The meaning of a parable is always up for debate – and there’s no-one right and fixed answer. But perhaps one way we can understand a parable is to ask what the story does to us when we read it and how it leaves us wanting to respond. I think it leaves me wanting to say that if God is gracious and generous then I need to live and act in the world in such a way that grace and generosity are my normal (even if that’s not the world’s normal). And I can see that sometimes the bountiful act of someone who has much to benefit from the system does not cut it as a response. As someone who lives in the rich West, I have to recognise that that’s often me. The owner in the parable thought he was addressing an injustice by treating everyone equally. But of course it didn’t really work, because something much more radical had to be done. This parable challenges me to look for the more radical thing. And it challenges me to listen to the experiences of those who work in the heat of the day while I enjoy the cool of the shade. I cannot escape the challenge that my rage at the ‘generous’ employer provokes.
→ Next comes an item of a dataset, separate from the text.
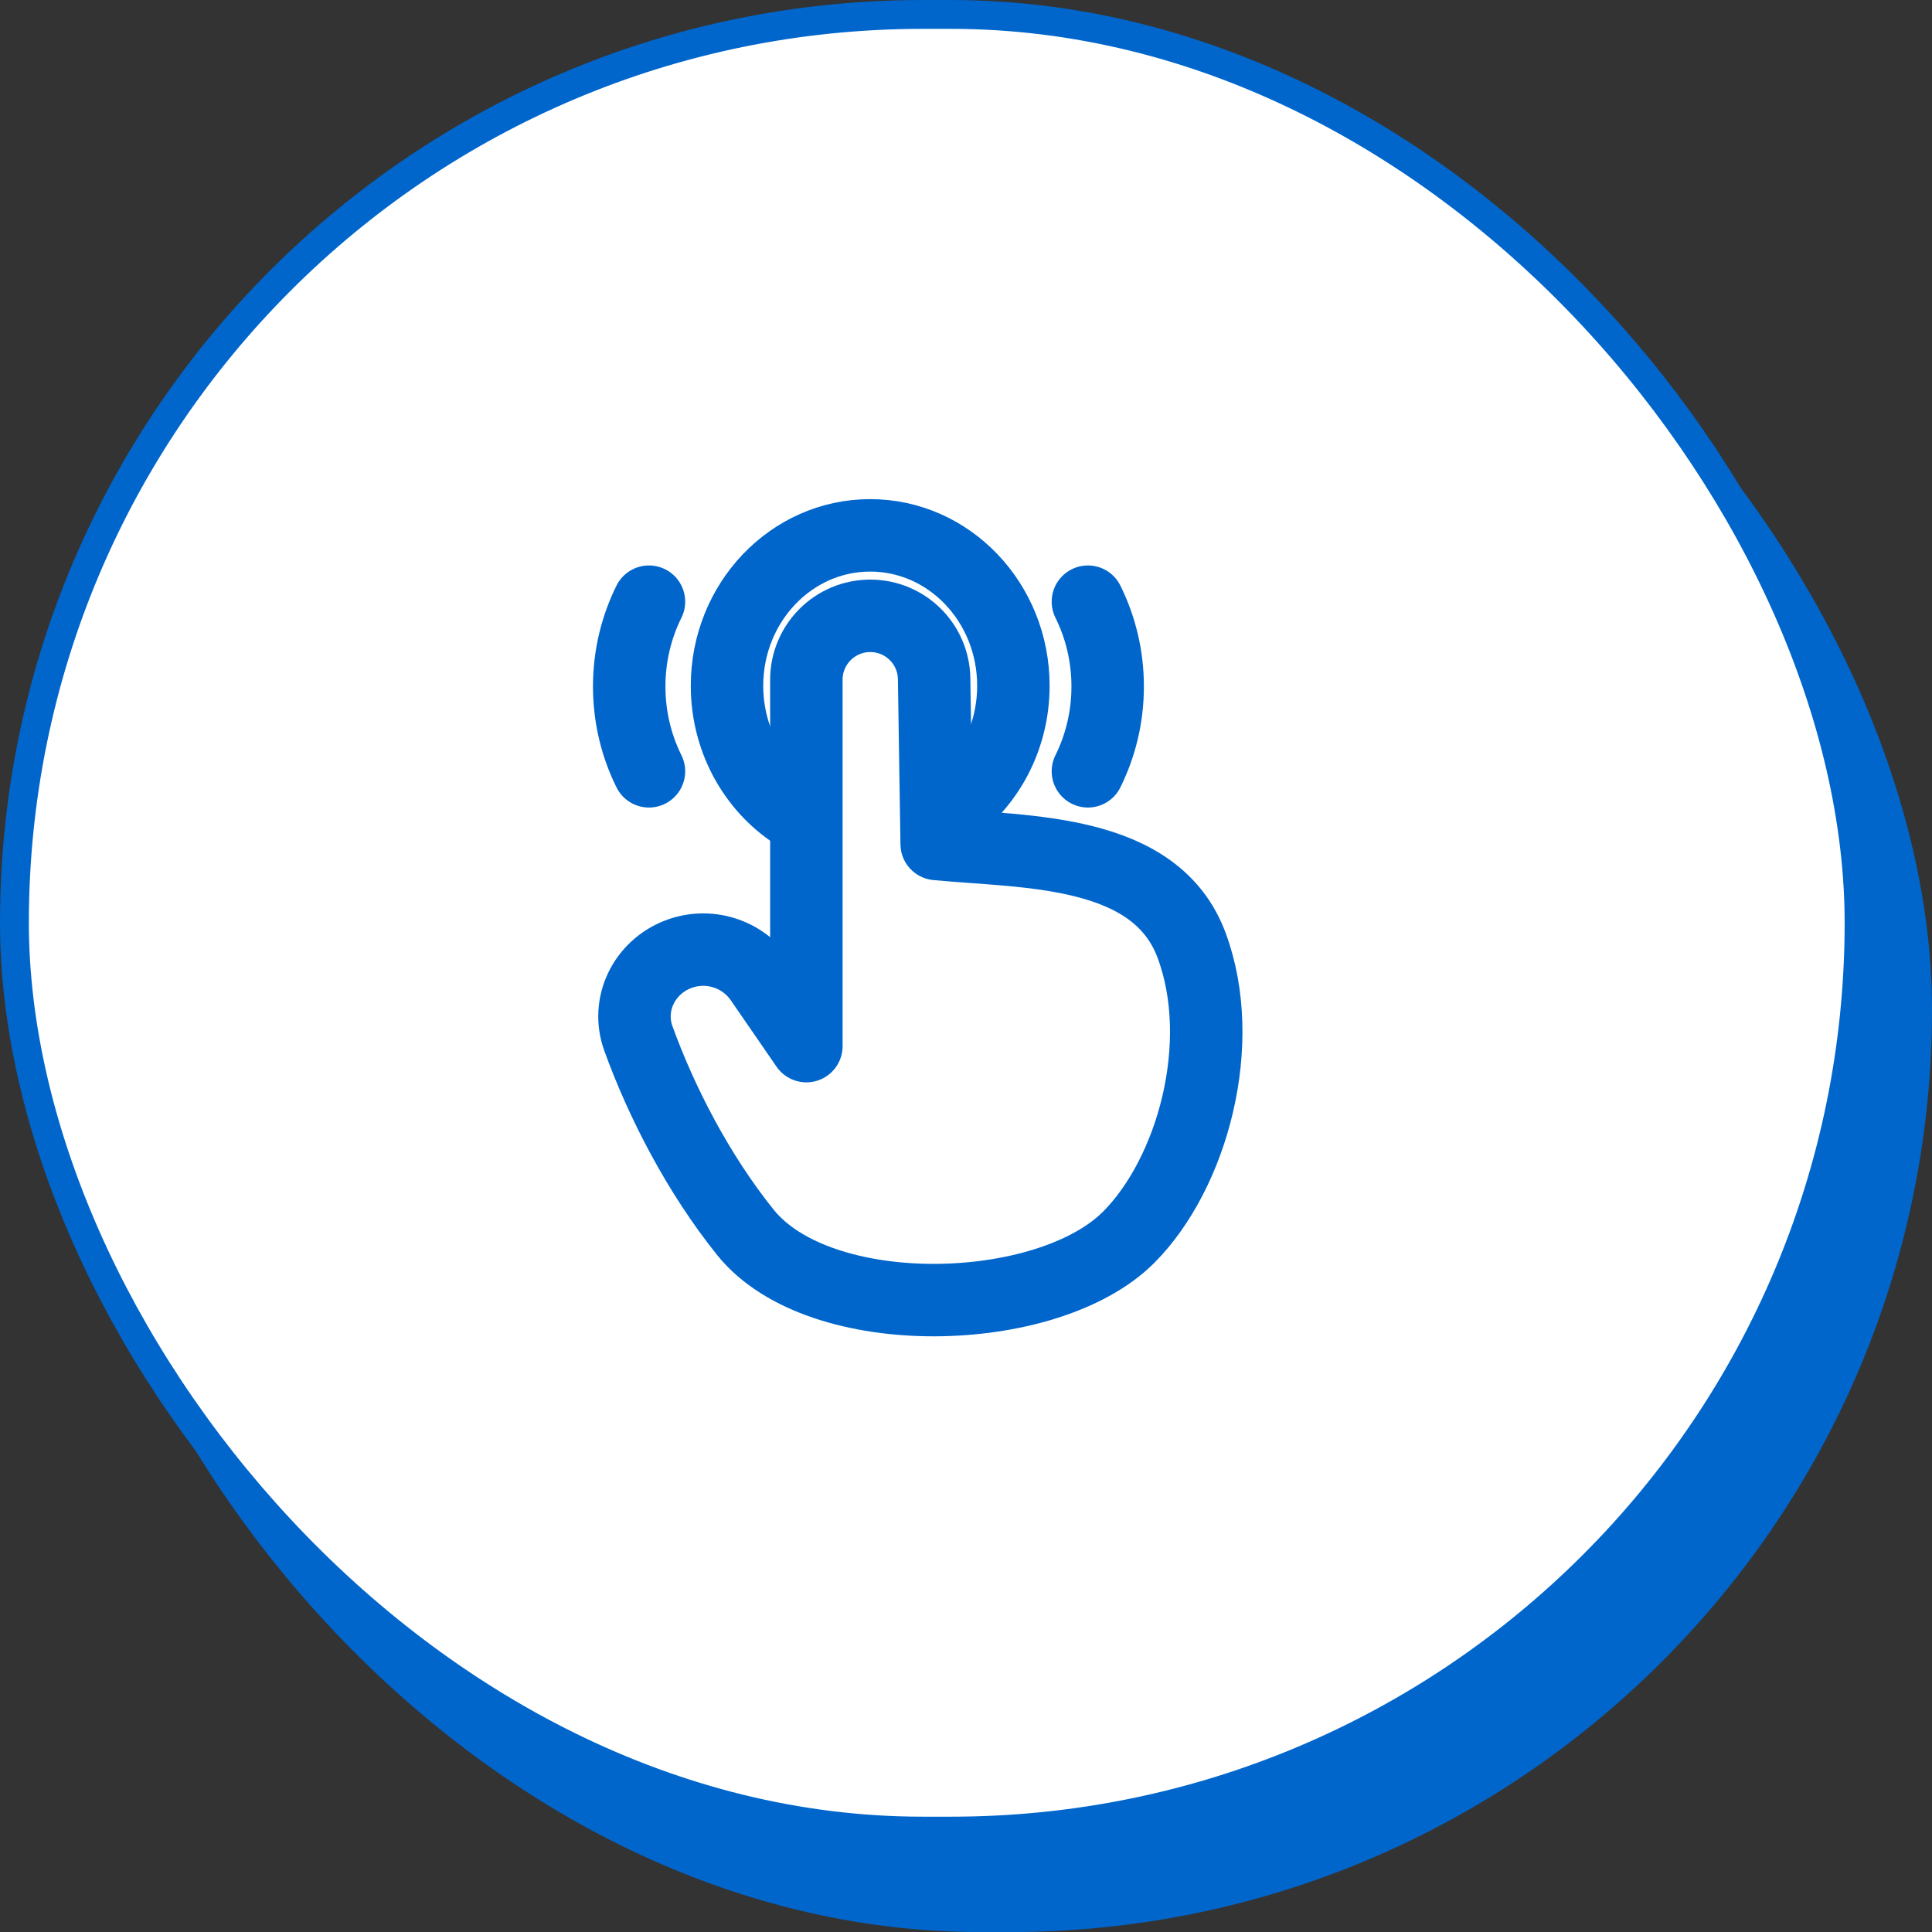 <svg xmlns="http://www.w3.org/2000/svg" width="40" height="40" viewBox="0 0 40 40" fill="none"><rect x="0" y="0" width="40" height="40" fill="#333333" stroke="none"/><rect x="1.212" y="1.793" width="38.788" height="38.209" rx="19.105" fill="#0066CC"></rect><rect x="0.299" y="0.299" width="38.191" height="37.612" rx="18.806" fill="white" stroke="#0066CC" stroke-width="0.597"></rect><path d="M24.672 19.575C25.426 21.608 24.684 24.299 23.365 25.619C21.68 27.303 16.974 27.431 15.433 25.515C14.456 24.299 13.696 22.823 13.217 21.501C12.96 20.792 13.337 20.027 14.041 19.757C14.664 19.518 15.37 19.736 15.749 20.286L16.695 21.659V14.073C16.695 13.342 17.288 12.75 18.018 12.75C18.741 12.75 19.329 13.33 19.34 14.052L19.393 17.474C21.244 17.651 23.924 17.555 24.672 19.575Z" stroke="#0066CC" stroke-width="1.5" stroke-linecap="round" stroke-linejoin="round"></path><path d="M16.57 16.917C15.664 16.384 15.052 15.366 15.052 14.198C15.052 12.478 16.379 11.084 18.016 11.084C19.654 11.084 20.981 12.478 20.981 14.198C20.981 15.348 20.388 16.352 19.506 16.891" stroke="#0066CC" stroke-width="1.5" stroke-linecap="round" stroke-linejoin="round"></path><path d="M13.436 15.969C13.174 15.44 13.027 14.844 13.027 14.213C13.027 13.582 13.174 12.986 13.436 12.457" stroke="#0066CC" stroke-width="1.5" stroke-linecap="round" stroke-linejoin="round"></path><path d="M22.524 15.969C22.786 15.44 22.933 14.844 22.933 14.213C22.933 13.582 22.786 12.986 22.524 12.457" stroke="#0066CC" stroke-width="1.5" stroke-linecap="round" stroke-linejoin="round"></path></svg>

But I also have enough imagination to grasp what it’s like to be one of the ‘last’ ones. I was always picked last for netball, and I would be at the dockside or outside the vineyard too. I know I live in a world where I’m not always the ‘first’ and where I wait, anxiously sometimes, for hope to come. We all know, I imagine, the sense of longing for someone to come and fix what is wrong or hurting or distressing… and sometimes it takes a long time. We have all waited in the heat of the days of our lives for God’s love to come. And so from the parable I receive the grace of encountering the God who wants everyone to have fulness of life, who wants everyone to receive their ‘pay; who wants all of us to come into the vineyard of his love. That is grace for workers, for retired people, for children and the old, for all of us who wait together for a better world to come. Amen.